Raman spectroscopy relies on the inelastic, or Raman, scattering of monochromatic light (e.g., a laser) by different gases, thereby providing information about the phonon modes (an excitation state, a quantum mechanical description of a special type of vibrational motion of molecules) in a system. The advantages to the use of Raman spectroscopy include the fact that multiple gases can be analyzed simultaneously, the system is very accurate, and the response time is rapid. However, this system is relatively large and expensive.

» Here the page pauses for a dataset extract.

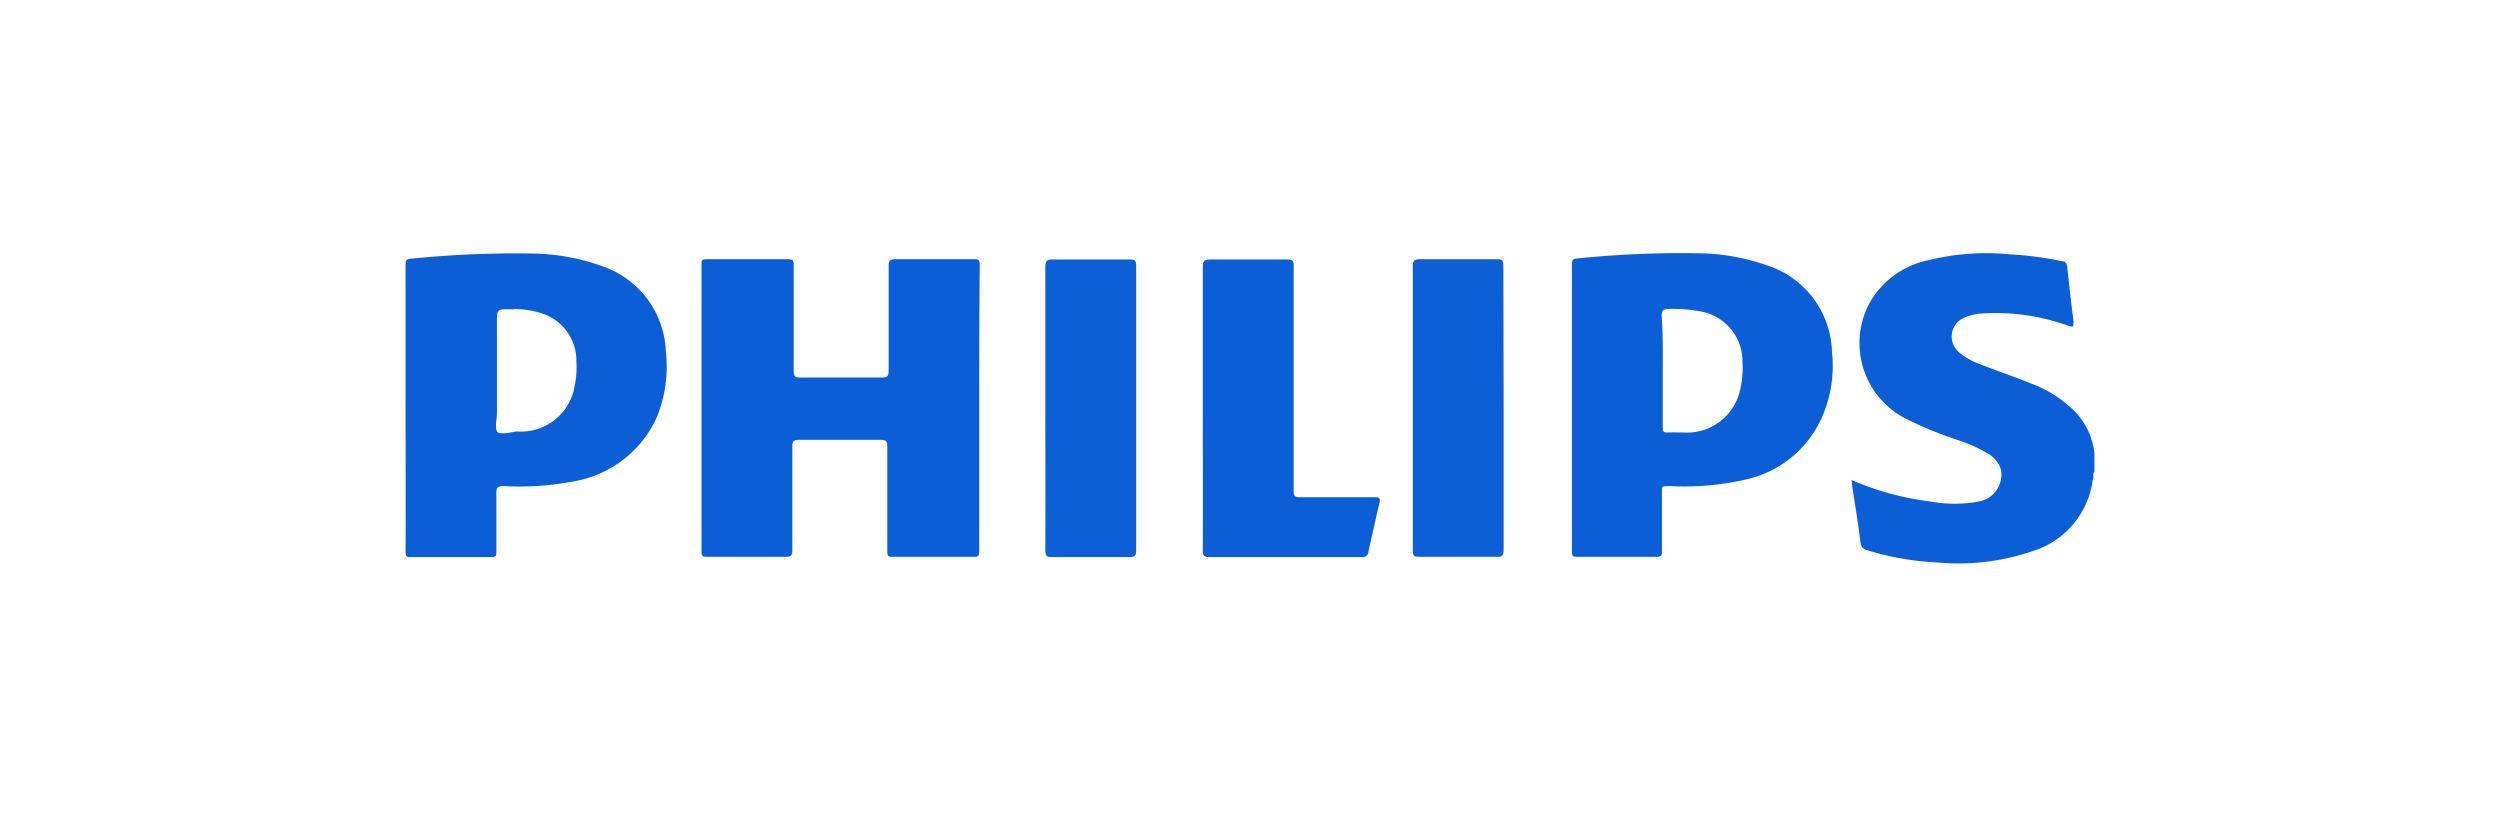 <svg xmlns="http://www.w3.org/2000/svg" id="Layer_1" data-name="Layer 1" viewBox="0 0 91.91 30"><defs><style>.cls-1{fill:#0c5ed6}.cls-2{fill:#0d5fd6}</style></defs><path d="M77 17.35c-.09.07 0 .18-.06.27a3.17 3.17 0 0 1-2.21 2.64 8.39 8.39 0 0 1-3.48.42 10.5 10.5 0 0 1-2.6-.45.3.3 0 0 1-.25-.29c-.09-.72-.21-1.44-.32-2.16v-.13a10.37 10.37 0 0 0 2.92.79 4.79 4.79 0 0 0 1.73 0 1 1 0 0 0 .83-1.18 1 1 0 0 0-.45-.57 5.48 5.48 0 0 0-1.19-.53 14 14 0 0 1-1.84-.76 3.12 3.12 0 0 1-1.38-4.2 3.21 3.21 0 0 1 2.18-1.63 8.84 8.84 0 0 1 3-.22 12.33 12.33 0 0 1 1.91.25c.13 0 .19.07.21.21.07.66.14 1.32.23 2 0 .21 0 .23-.21.16a7.82 7.82 0 0 0-3.22-.44 1.84 1.84 0 0 0-.56.14.75.75 0 0 0-.24 1.26 2.4 2.4 0 0 0 .77.45c.64.25 1.29.47 1.93.73a4.38 4.38 0 0 1 1.4.85 2.61 2.61 0 0 1 .9 1.71s0 .12 0 .15ZM36 15v5.24c0 .17 0 .24-.22.23h-2.94c-.17 0-.22 0-.22-.22v-3.83c0-.2-.05-.25-.25-.25h-3c-.2 0-.24.06-.24.24v3.81c0 .21-.06.26-.26.25H26c-.16 0-.21 0-.21-.2V9.72c0-.14 0-.19.19-.19h3c.19 0 .2.08.2.23v3.88c0 .19.05.24.24.24h3c.21 0 .25-.06.25-.26V9.77c0-.2.06-.24.25-.24h2.86c.18 0 .24 0 .24.23C36 11.51 36 13.26 36 15ZM57.79 15V9.76c0-.17 0-.25.21-.26a37.75 37.75 0 0 1 4.38-.19 7.89 7.89 0 0 1 2.68.48 3.43 3.43 0 0 1 2.29 3.14A4.69 4.69 0 0 1 67 15.3a4 4 0 0 1-2.87 2.34 10 10 0 0 1-2.72.23c-.36 0-.31 0-.31.31v2.06c0 .17 0 .24-.22.23H58c-.17 0-.21 0-.21-.21Zm3.34-1.35v2.05c0 .14 0 .21.18.2s.39 0 .58 0A2 2 0 0 0 64 14.2a3.37 3.37 0 0 0 .06-.89 1.86 1.86 0 0 0-1.54-1.86 5.22 5.22 0 0 0-1.18-.09c-.19 0-.25.05-.25.25.05.68.04 1.39.04 2.03ZM14.91 15V9.77c0-.17 0-.25.21-.26a37.75 37.75 0 0 1 4.38-.19 7.89 7.89 0 0 1 2.68.48 3.45 3.45 0 0 1 2.3 3.14 4.92 4.92 0 0 1-.32 2.37 4.1 4.1 0 0 1-3.09 2.39 10.48 10.48 0 0 1-2.56.17c-.22 0-.27.06-.26.27v2.11c0 .17 0 .24-.22.23h-2.91c-.17 0-.21 0-.21-.21.01-1.77 0-3.52 0-5.27Zm4-3.63h-.34c-.22 0-.3.05-.3.29v3.52c0 .23-.08.55 0 .68s.47.05.72 0a2 2 0 0 0 2.14-1.69 3.31 3.31 0 0 0 .06-.89A1.82 1.82 0 0 0 20 11.55a3.24 3.24 0 0 0-1.12-.19ZM44.22 15V9.81c0-.23.07-.27.28-.27h2.81c.21 0 .26.05.25.25V18c0 .21 0 .29.27.28h2.71c.21 0 .21.06.17.23-.14.59-.27 1.18-.4 1.77a.21.21 0 0 1-.25.2h-5.6c-.2 0-.24-.06-.24-.24.01-1.76 0-3.5 0-5.24Z" class="cls-1"/><path d="M38.43 15V9.81c0-.23.07-.28.28-.27h2.81c.18 0 .25 0 .25.23v10.48c0 .2-.07.23-.25.23h-2.81c-.21 0-.28 0-.28-.27.01-1.75 0-3.48 0-5.21ZM55.28 15v5.21c0 .22-.06.27-.27.26H52.2c-.19 0-.26 0-.26-.24V9.78c0-.21.07-.25.26-.25H55c.21 0 .27 0 .27.26 0 1.74.01 3.47.01 5.21Z" class="cls-2"/></svg>

Colorimetric detection consists of a pH-sensitive paper within a chamber placed between the tracheal tube and ventilation device. The color change is reversible and can change from breath to breath. Several brands are marketed, but most use a color scale that is similar (i.e., purple: ETCO2 <4 mm Hg [<0.5% CO2]; tan: ETCO2 4-15 mm Hg [0.5% to 2% CO2]; yellow: ETCO2 >15 mm Hg [>2% CO2]). Advantages are portability, low cost, and no need for other equipment. The use of colorimetric detection is most applicable outside of the operating room to confirm tracheal-tube placement. The disadvantages are that the results are only semiquantitative.

Capnograms

Capnograms rely on time or volume to assess CO2 concentrations. Time capnograms are further divided into slow and fast tracings. All have their advantages, but the time capnogram is the most commonly used system (fast speed for trends and slow speed for detailed waveform analysis). Volume capnograms are unique in that a breath-by-breath measurement of CO2 concentration can be made, dead space can be divided into components, and significant changes in the morphology of the expired waveform can be detected as they relate to ventilation and perfusion. Normal CO2 waveforms and several abnormal capnograms are shown in Figures 9-1 and 9-2. PaCO2 and PETCO2 trends of metabolism, circulation, ventilation, and various equipment failures are summarized in Table 9-1. Changes in PETCO2 and the capnogram may indicate one of a number of potential changes in the patient’s condition, requiring the clinician to act appropriately.

Table 9-1

Causes of Altered End-Tidal CO2 during Anesthesia*

Cause PETCO2 PETCO2-to-PaCO2 Gradient
CO2 insufflation Increased Normal
Increased CO2 production Increased Normal
Right-to-left shunt Increased Widened
Increased physiologic or anatomic dead space, or both Decreased Widened
Increased apparatus dead space Increased Normal
Hyperventilation Decreased Normal
Hypoventilation Increased Normal
Leak in sampling line Decreased Widened
Poor seal around tracheal tube Decreased Widened
High sampling rate Decreased Widened
Low sampling rate Decreased Widened
Rebreathing due to malfunctioning breathing valve Increased Decreased
Rebreathing with low fresh gas in the Mapleson system Increased Decreased
Rebreathing with circle system (absorbent problem) Increased Normal

*Normal pressure of end-tidal CO2 (PETCO2) is 38 mm Hg (5%). The PaCO2-to-PETCO2 gradient is normally <5 mm Hg.

From hyperthermia, malignant hyperthermia, convulsions, pain, or bicarbonate administration.

Adapted, with permission, from Dorsch JA, Dorsch SE. Gas monitoring. In: Dorsch JA, Dorsch SE, eds. Understanding Anesthesia Equipment, 5th ed. Philadelphia: Lippincott, Williams & Wilkins; 2007:706-707.